◆ **Data records**
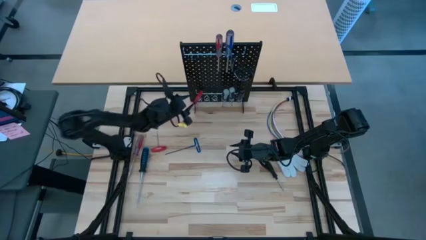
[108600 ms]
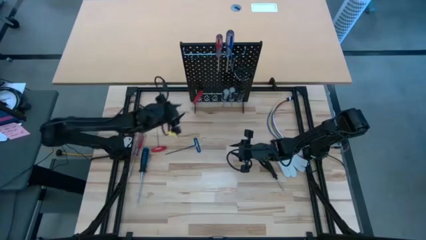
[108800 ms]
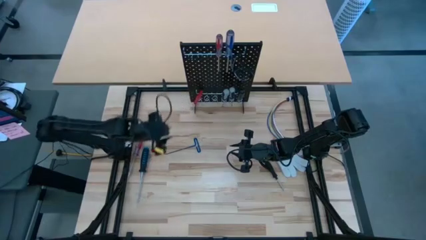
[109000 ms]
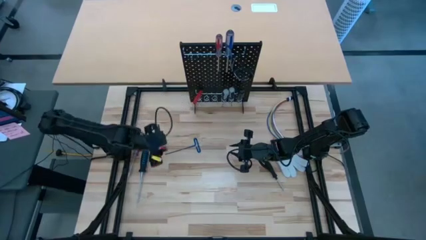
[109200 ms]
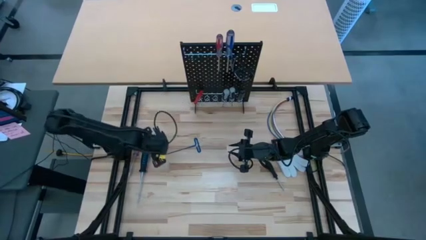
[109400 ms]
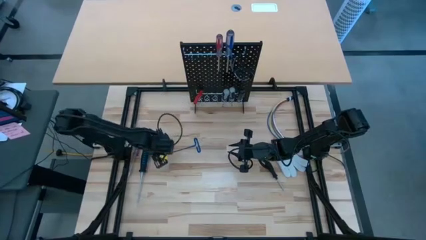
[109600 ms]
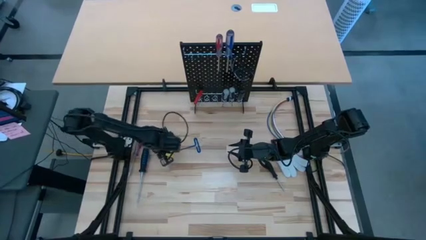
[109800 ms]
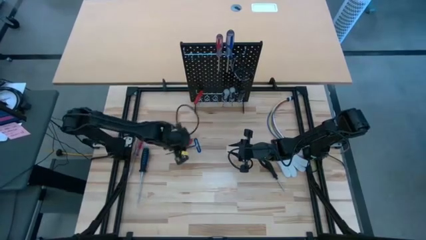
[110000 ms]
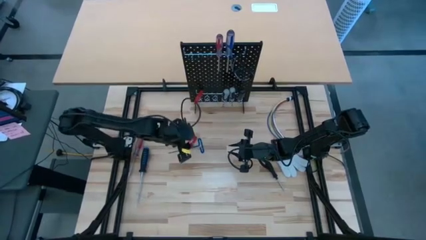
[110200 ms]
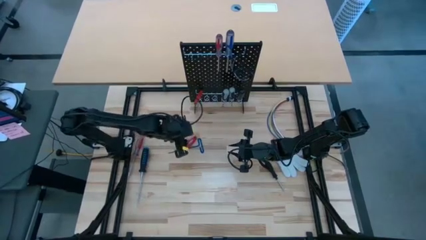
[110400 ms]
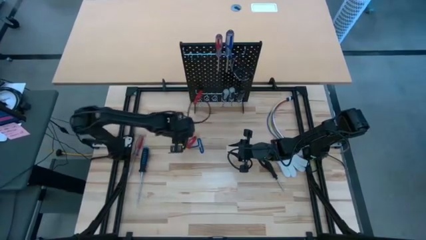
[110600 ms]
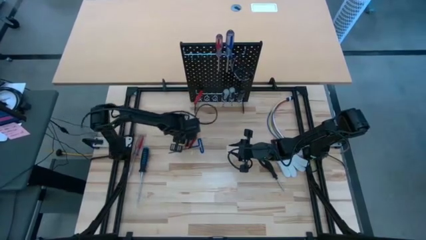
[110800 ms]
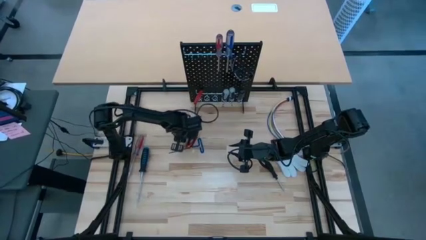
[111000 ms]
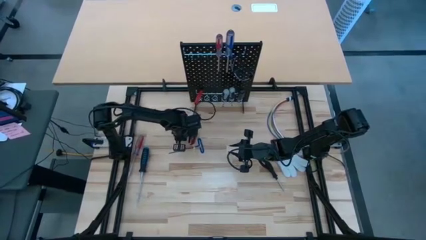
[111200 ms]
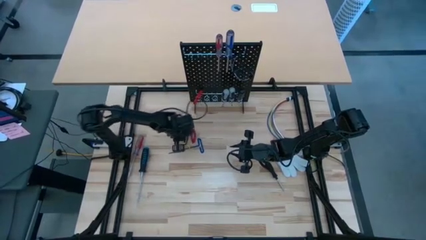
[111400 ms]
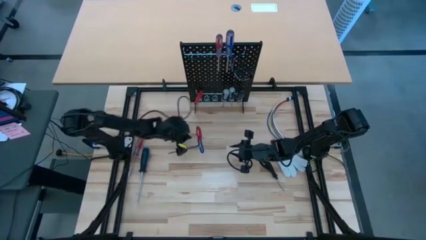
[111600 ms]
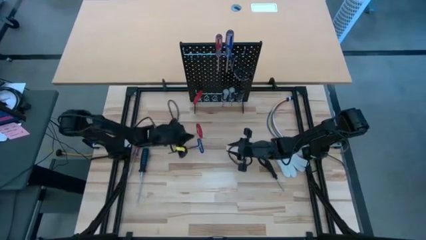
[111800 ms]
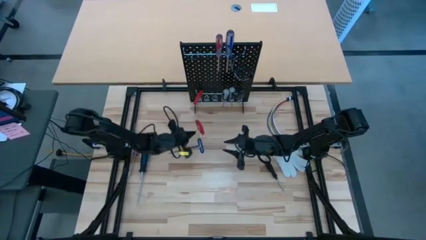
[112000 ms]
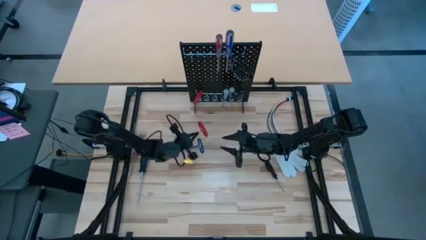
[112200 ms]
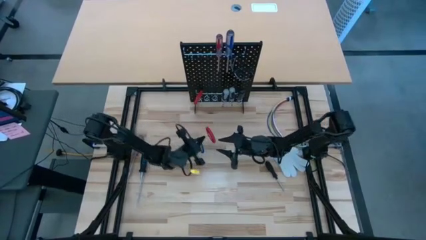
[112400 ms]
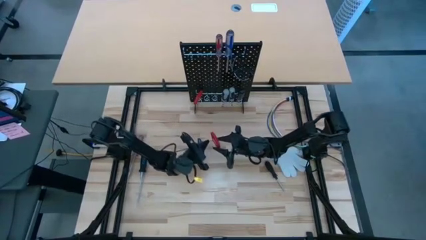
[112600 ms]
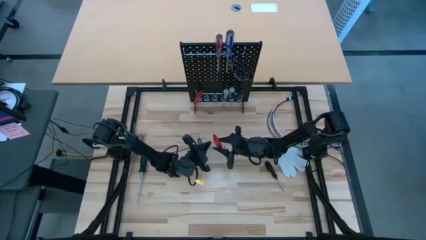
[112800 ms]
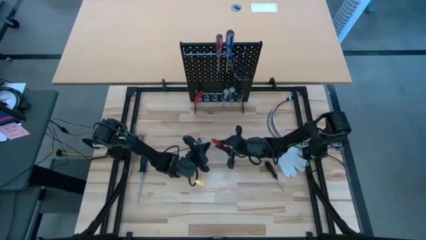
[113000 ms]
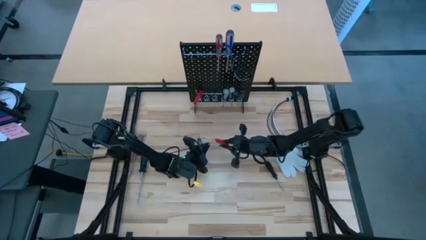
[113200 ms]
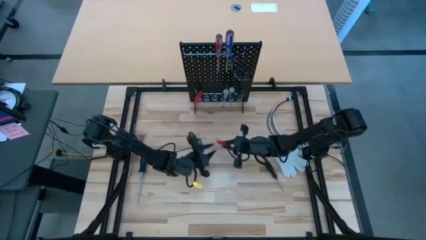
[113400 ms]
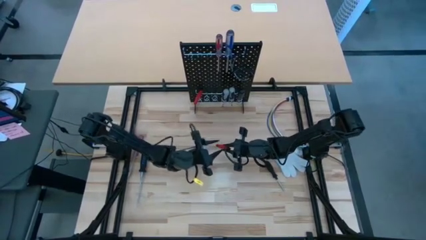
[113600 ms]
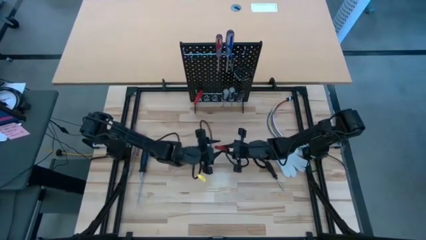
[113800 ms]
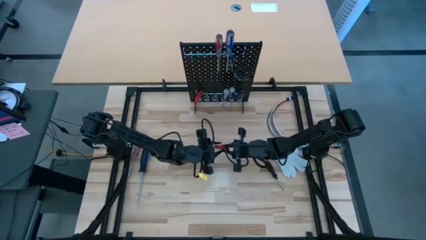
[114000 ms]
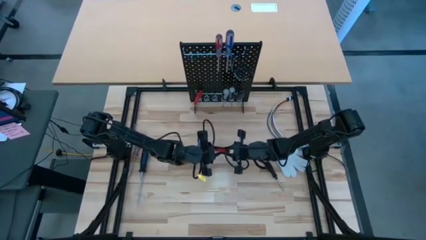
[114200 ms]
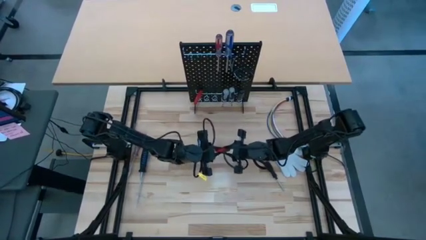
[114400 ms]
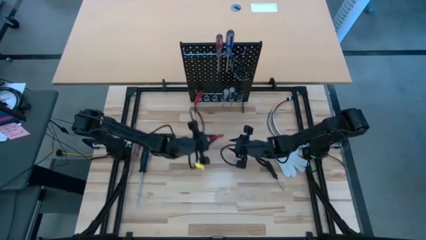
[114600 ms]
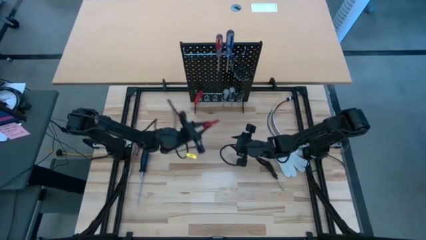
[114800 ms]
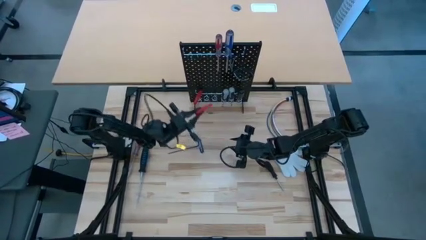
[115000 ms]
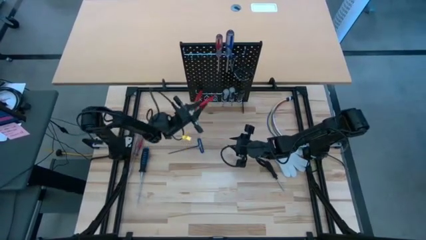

◆ **To do**
Every line from the one holding "[112600 ms]" through the last line of the entries above, and nothing else, is to be restated word for word. Pictures stay out.

◆ **Result**
[112600 ms]
[112800 ms]
[113000 ms]
[113200 ms]
[113400 ms]
[113600 ms]
[113800 ms]
[114000 ms]
[114200 ms]
[114400 ms]
[114600 ms]
[114800 ms]
[115000 ms]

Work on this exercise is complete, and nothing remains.